A great Smoke Signals this time, filled with the bemused detachment that you do so well. Your selections are solid, and your knowledge of Colorado 70s soft-rock history is indeed monumental. You’ll no doubt get hit with a tsunami of contributions to your running list, and why should an opinionated former denizen of the Centennial State refuse a chance to participate in the mass hysteria? Here’s a few:

Probably just about every bearded banjo-playin’ wahoo from Nederland has penned a Colorado anthem at some point, but two bluegrass groups of note should be mentioned: Ned’s own Yonder Mountain String Band with their fine and heartfelt “40 Miles From Denver” from their first album, and Fort Collins furry fellows Head For The Hills, whose “Goin’ Down” features the lines “I’m goin’ down down down to that place I gotta be/in the Colorado backcountry!”

“Colorado Girl” is a hell of a song, but one of my favorite Townes Van Zandt tunes is “Snowing On Raton,” which has been covered by just about everybody, including Emmylou Harris, Robert Earl Keen, the Flatlanders, and most likely Steve Earle at some point. My favorite version as of late is by Town Mountain, a grand bluegrass combo from Asheville, NC. It isn’t strictly a Colorado song (though it does mention the moon not-rising over the Gunnison) but qualifies, I suppose, due to its border-straddling proximity, and should evoke fond memories of anyone who’s trucked it on up over the pass between Raton and Trinidad in December.
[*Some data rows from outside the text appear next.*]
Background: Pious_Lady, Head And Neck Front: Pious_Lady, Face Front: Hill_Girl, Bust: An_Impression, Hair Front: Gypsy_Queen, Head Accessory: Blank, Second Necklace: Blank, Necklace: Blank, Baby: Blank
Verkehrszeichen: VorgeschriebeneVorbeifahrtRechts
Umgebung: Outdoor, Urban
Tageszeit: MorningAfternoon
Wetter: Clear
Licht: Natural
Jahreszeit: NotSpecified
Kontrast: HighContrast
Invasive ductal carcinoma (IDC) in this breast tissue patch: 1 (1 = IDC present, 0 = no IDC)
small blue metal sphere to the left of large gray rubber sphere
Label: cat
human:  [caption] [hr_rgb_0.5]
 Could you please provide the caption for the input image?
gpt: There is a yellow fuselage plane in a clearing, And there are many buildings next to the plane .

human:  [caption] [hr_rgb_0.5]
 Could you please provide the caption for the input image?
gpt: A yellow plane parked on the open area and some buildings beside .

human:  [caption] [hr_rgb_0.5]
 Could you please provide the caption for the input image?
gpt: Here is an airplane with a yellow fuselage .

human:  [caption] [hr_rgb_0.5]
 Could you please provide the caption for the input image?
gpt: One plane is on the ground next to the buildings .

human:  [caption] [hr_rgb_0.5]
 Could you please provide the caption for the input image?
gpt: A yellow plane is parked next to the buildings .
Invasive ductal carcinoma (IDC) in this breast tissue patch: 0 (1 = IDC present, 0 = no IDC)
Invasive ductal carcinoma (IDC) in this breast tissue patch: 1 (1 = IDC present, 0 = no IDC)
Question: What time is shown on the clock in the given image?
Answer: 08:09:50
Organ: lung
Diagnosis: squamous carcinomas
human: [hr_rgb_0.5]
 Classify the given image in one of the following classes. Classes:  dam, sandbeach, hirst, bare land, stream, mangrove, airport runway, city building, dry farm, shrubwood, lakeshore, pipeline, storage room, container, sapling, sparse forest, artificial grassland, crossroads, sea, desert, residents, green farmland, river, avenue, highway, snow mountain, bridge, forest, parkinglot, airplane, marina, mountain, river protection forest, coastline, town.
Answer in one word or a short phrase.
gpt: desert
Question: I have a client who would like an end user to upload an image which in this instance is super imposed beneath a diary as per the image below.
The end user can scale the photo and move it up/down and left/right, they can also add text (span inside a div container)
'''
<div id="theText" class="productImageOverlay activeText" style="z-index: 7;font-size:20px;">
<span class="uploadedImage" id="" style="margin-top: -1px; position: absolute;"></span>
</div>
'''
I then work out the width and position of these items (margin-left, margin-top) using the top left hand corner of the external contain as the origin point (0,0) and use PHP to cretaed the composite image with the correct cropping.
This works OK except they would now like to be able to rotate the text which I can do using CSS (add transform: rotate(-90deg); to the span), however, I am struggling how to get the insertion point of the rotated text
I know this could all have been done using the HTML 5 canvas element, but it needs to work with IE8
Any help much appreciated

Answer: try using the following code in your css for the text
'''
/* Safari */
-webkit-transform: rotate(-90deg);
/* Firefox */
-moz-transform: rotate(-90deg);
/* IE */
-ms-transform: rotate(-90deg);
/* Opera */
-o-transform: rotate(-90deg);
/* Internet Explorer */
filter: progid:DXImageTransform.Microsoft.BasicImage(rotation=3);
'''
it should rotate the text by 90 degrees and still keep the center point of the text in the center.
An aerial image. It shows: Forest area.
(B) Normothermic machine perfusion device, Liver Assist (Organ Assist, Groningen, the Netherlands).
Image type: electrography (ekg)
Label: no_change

Alas, who can forget “Colorado Kool-Aid”, Johnny Paycheck’s ode to drinkin’ Coors and slicin’ off some drunk asshole’s left ear in a dusty Houston saloon?

Finally, some of my all-time favorite Colorado music comes from a former mayor of Ouray, Bill Fries. “Bill who?” you might ask, to which I would respond with his more well-known pseudonym, C.W. McCall. Most folks know him for that one Convoy tune, but Fries and Chip Davis (the guy behind 10,000 Mannheim Steamroller Christmas albums) released a handful of corny but enjoyable albums back in the 70s that unabashedly celebrated a wild-and-wooly Rocky Mountain redneck ethos. McCall sounded a little bit like John Denver’s unkempt hillbilly truck-driver brother-in-law, the boozer Billy to his milder Jimmy Carter. Hell, he even mentions him by name in “Lewis and Clark”: “Now Arnold Jones ‘n Marybeth Jensen was in a ‘Vette down by the Deep-Rock/had John Denver on the 8-track gittin’ high.”
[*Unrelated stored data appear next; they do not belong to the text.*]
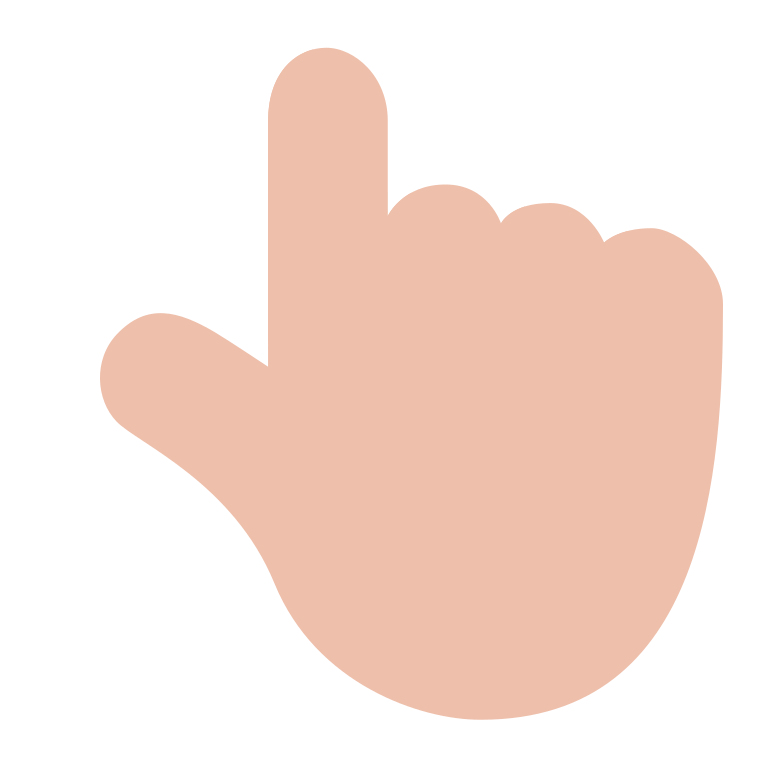
backhand index pointing up flat  light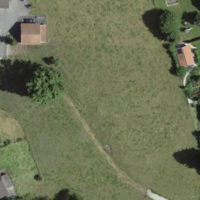
EUNIS habitat code: 55
Species observed at this site:
Veronica arvensis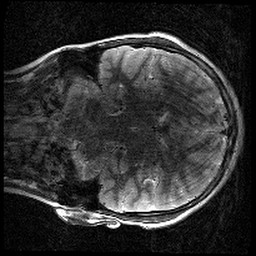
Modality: T2w
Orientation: coronal
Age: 11
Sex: male
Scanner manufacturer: siemens
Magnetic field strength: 3 T
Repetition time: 9.23 s
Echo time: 0.067 s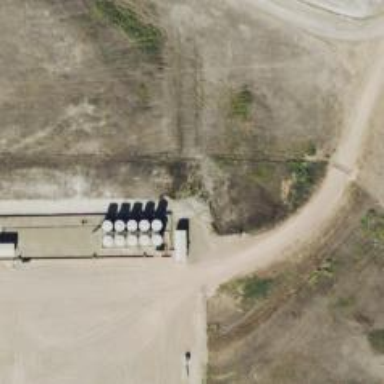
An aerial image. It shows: Storage tank that is man-made.
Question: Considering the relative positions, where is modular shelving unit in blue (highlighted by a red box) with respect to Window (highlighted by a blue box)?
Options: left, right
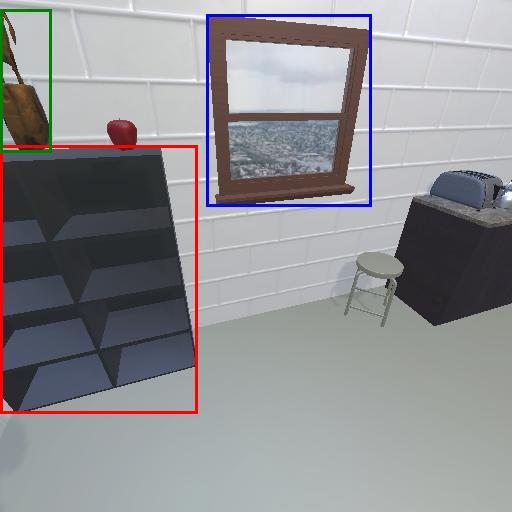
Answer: left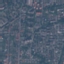
Land use / land cover: Residential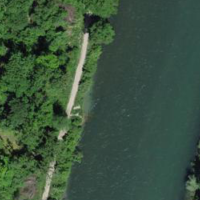
EUNIS habitat code: 15
Species observed at this site:
Tussilago farfara
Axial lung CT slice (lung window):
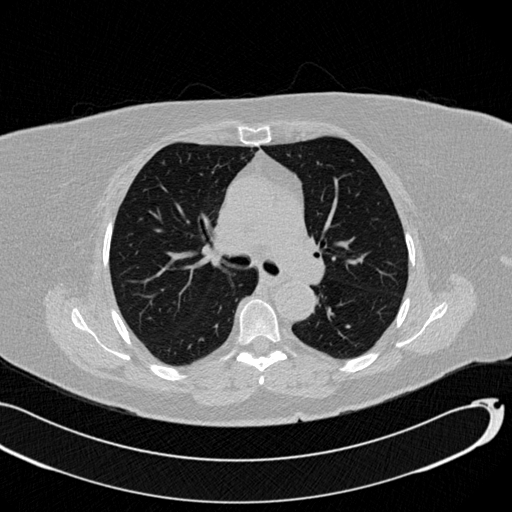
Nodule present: no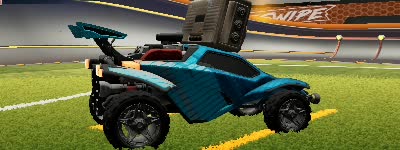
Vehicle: octane
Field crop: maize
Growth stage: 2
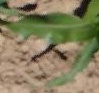
Species: maize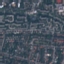
Land use / land cover class: Residential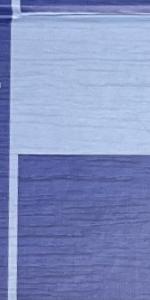
Label: Empty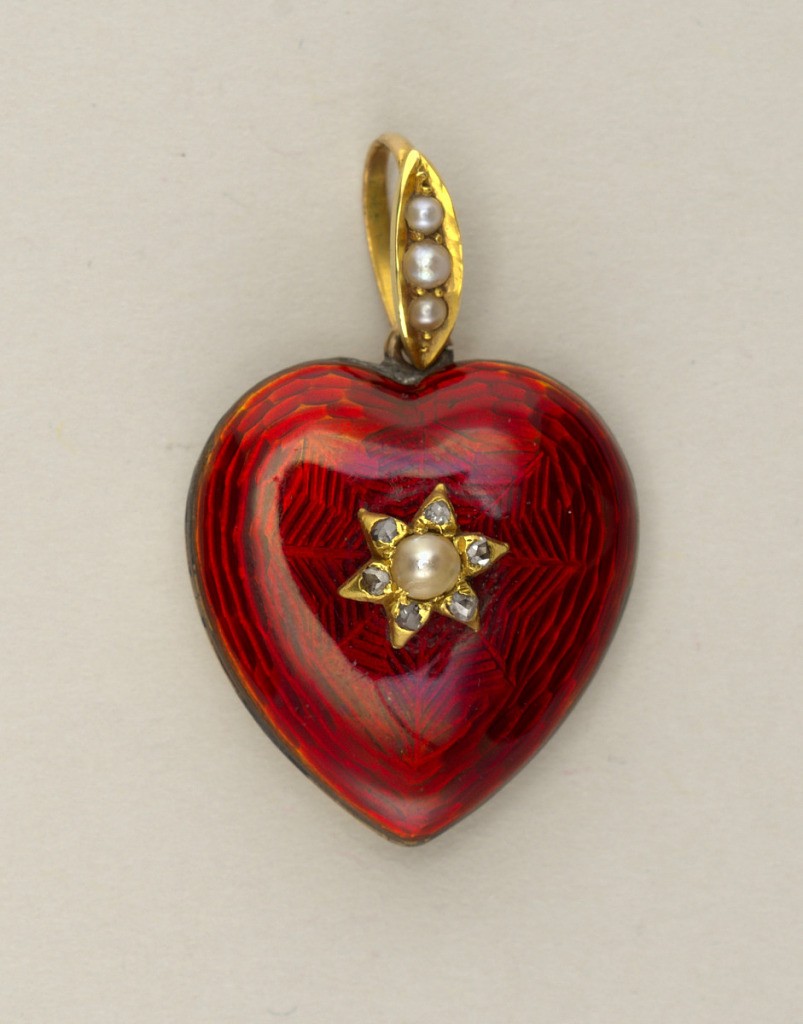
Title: Locket in the form of a heart
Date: ca. 1850
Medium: Gold, silver, enamel, pearls, diamonds
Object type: Pendant
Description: Heart-shaped, enameled red, with pearl and small diamonds at center; on back side a circular locket compartment; loop and ring with three pearlsat top.

The first C.W. McCall album “Wolf Creek Pass” name-checks Wolf Crick and Pagosa Springs and Glenwood Canyon, and has a gen-u-ine sentimental tearjerker in “Rocky Mountain September.” Subsequent albums have songs about the narrow gauge Durango-Silverton railroad, the death of a snowplow driver on Red Mountain Pass above Ouray, and a little adventure taking the wife and kids on a jeep trail excursion down the notorious Black Bear Road to Telluride. Can’t forget his ode to the CO state flower, the columbine. I reckon you can’t get too much more Coloraddy than that!

Holy pete, that was a real word-avalanche! My apologies.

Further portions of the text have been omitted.